--- Exercise instructions ---
As soon as the line containing "Obtained 1.5 seconds after image 1." appears, start repeating lines exactly and continue to the end of the entries; please skip pictures.

[Stored records]
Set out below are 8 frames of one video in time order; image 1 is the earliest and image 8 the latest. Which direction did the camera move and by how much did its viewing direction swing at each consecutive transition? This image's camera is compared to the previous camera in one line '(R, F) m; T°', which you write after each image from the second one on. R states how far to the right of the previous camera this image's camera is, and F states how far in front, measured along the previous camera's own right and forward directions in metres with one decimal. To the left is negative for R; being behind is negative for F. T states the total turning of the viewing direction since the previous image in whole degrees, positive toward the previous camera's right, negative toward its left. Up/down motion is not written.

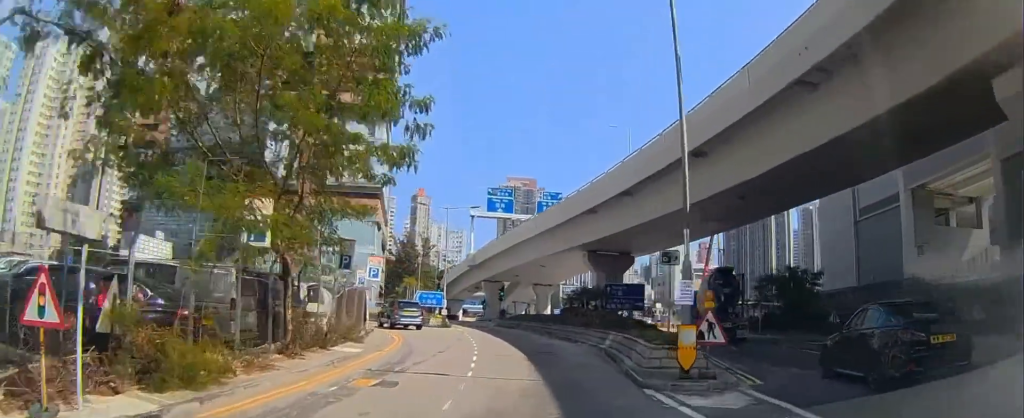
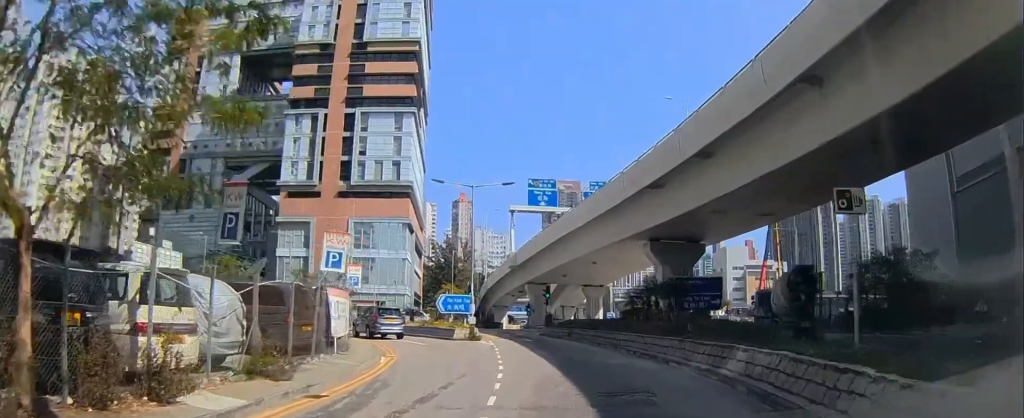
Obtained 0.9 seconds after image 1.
(-0.4, +10.2) m; -7°
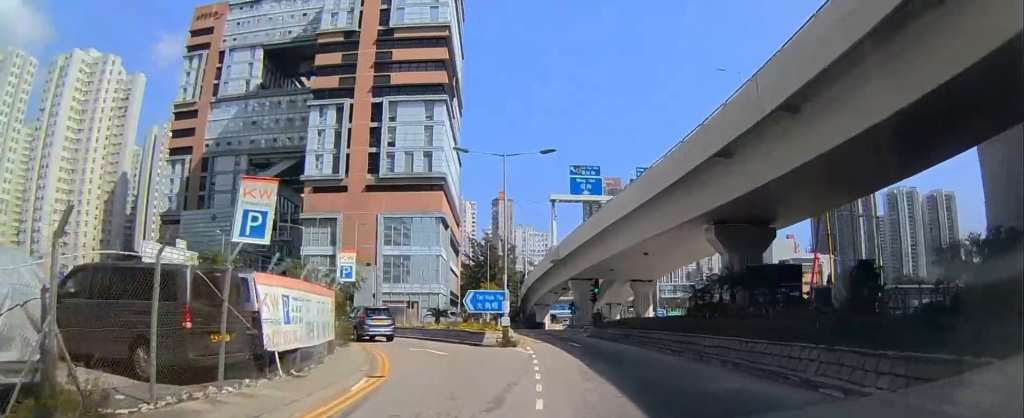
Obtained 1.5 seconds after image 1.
(-0.4, +6.0) m; -4°
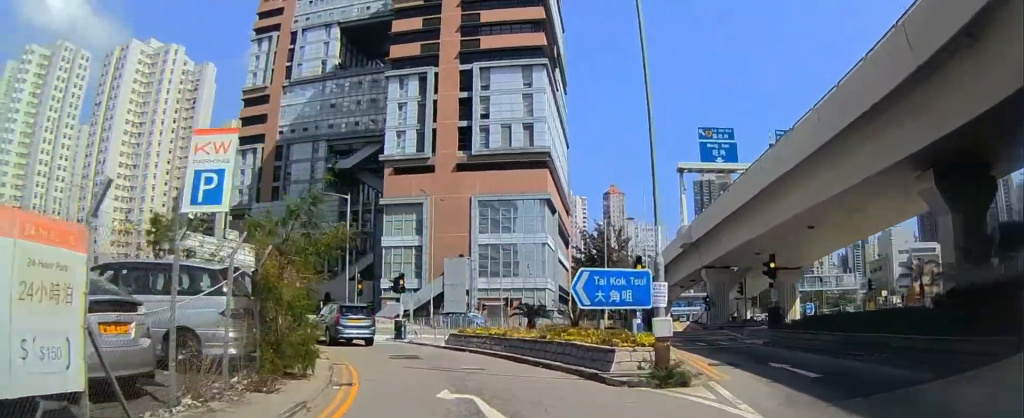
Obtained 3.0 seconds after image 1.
(-0.6, +12.8) m; -9°
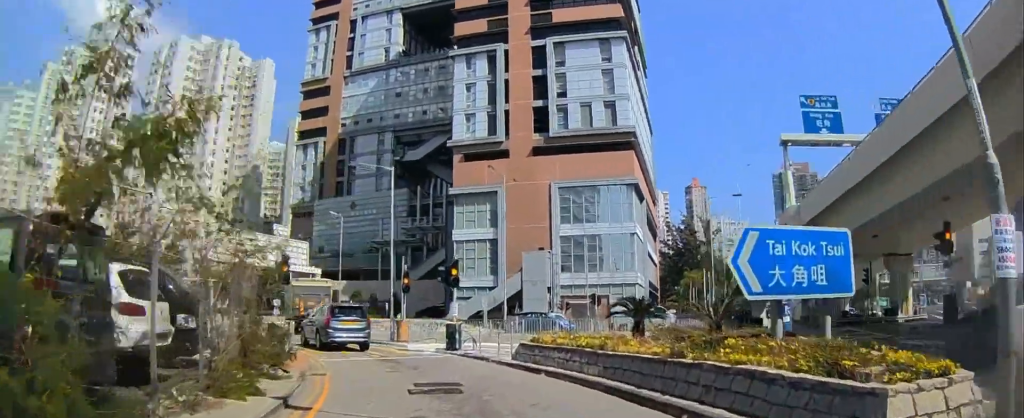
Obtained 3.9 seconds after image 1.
(-1.0, +7.5) m; -8°
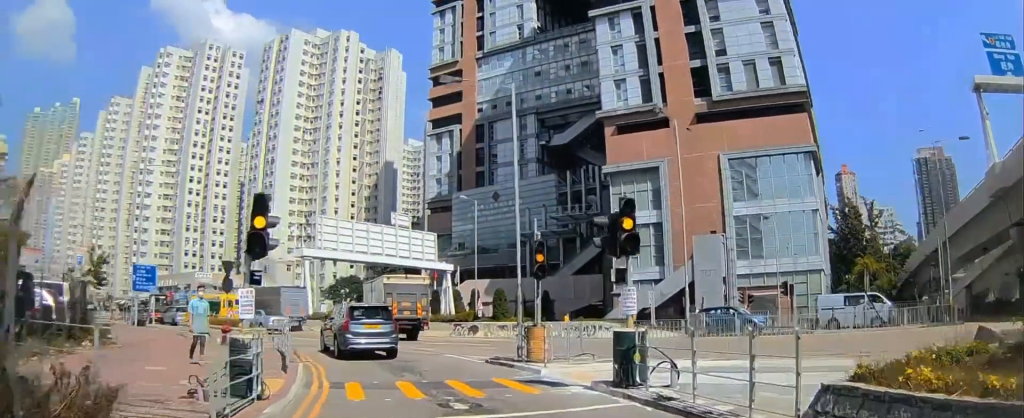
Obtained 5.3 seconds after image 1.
(-0.3, +11.2) m; -3°
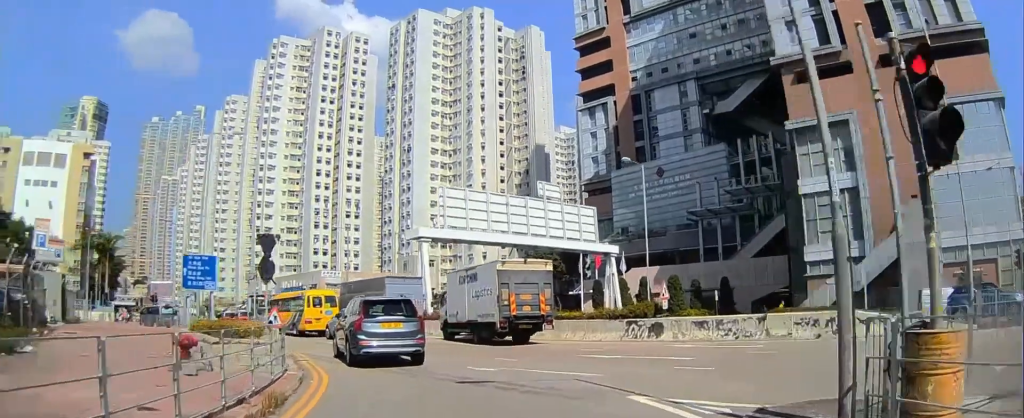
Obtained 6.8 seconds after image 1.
(-1.6, +11.1) m; -18°
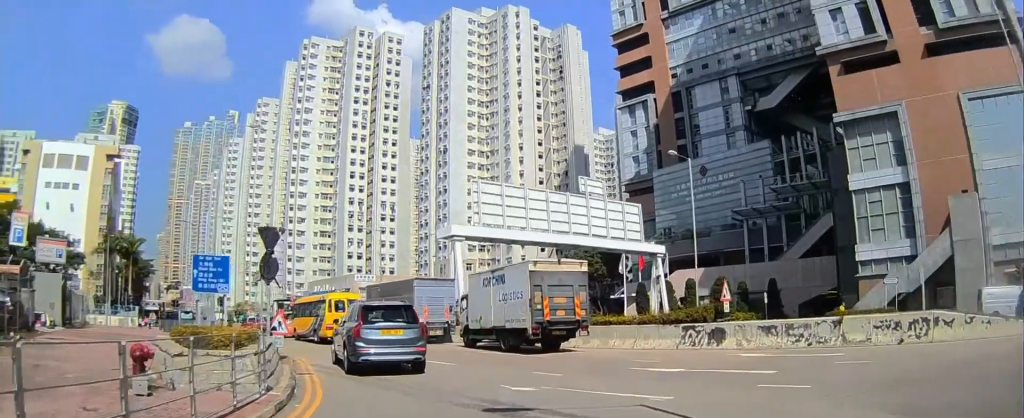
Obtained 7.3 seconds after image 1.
(-0.2, +3.1) m; -4°

--- Output for this exercise ---
Obtained 1.5 seconds after image 1.
(-0.4, +6.0) m; -4°
Obtained 3.0 seconds after image 1.
(-0.6, +12.8) m; -9°
Obtained 3.9 seconds after image 1.
(-1.0, +7.5) m; -8°
Obtained 5.3 seconds after image 1.
(-0.3, +11.2) m; -3°
Obtained 6.8 seconds after image 1.
(-1.6, +11.1) m; -18°
Obtained 7.3 seconds after image 1.
(-0.2, +3.1) m; -4°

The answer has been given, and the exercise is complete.